(What to do):
From the top of the records below down to the line containing "Faces by surface", reproduce every line exactly.

(Extracted material):

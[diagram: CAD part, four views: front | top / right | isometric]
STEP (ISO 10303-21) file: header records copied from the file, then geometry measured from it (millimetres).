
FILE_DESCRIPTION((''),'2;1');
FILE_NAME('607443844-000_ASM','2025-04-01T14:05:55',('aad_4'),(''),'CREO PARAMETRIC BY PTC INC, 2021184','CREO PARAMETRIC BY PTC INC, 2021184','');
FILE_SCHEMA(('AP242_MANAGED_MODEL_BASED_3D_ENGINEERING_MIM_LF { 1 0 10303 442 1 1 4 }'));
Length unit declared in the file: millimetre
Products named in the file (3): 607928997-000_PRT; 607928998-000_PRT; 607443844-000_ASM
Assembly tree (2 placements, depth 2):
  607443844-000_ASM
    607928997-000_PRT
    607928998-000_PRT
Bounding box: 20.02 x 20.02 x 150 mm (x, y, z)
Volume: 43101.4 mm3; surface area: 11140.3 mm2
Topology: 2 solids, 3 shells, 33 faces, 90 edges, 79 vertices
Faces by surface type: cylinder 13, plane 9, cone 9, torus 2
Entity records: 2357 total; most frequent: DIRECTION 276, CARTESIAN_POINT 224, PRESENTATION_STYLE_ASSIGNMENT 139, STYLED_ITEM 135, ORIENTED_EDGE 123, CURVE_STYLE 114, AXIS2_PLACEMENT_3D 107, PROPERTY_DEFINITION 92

(The completed task):
[diagram: CAD part, four views: front | top / right | isometric]
STEP (ISO 10303-21) file: header records copied from the file, then geometry measured from it (millimetres).
FILE_DESCRIPTION((''),'2;1');
FILE_NAME('607443844-000_ASM','2025-04-01T14:05:55',('aad_4'),(''),'CREO PARAMETRIC BY PTC INC, 2021184','CREO PARAMETRIC BY PTC INC, 2021184','');
FILE_SCHEMA(('AP242_MANAGED_MODEL_BASED_3D_ENGINEERING_MIM_LF { 1 0 10303 442 1 1 4 }'));
Length unit declared in the file: millimetre
Products named in the file (3): 607928997-000_PRT; 607928998-000_PRT; 607443844-000_ASM
Assembly tree (2 placements, depth 2):
  607443844-000_ASM
    607928997-000_PRT
    607928998-000_PRT
Bounding box: 20.02 x 20.02 x 150 mm (x, y, z)
Volume: 43101.4 mm3; surface area: 11140.3 mm2
Topology: 2 solids, 3 shells, 33 faces, 90 edges, 79 vertices
Faces by surface type: cylinder 13, plane 9, cone 9, torus 2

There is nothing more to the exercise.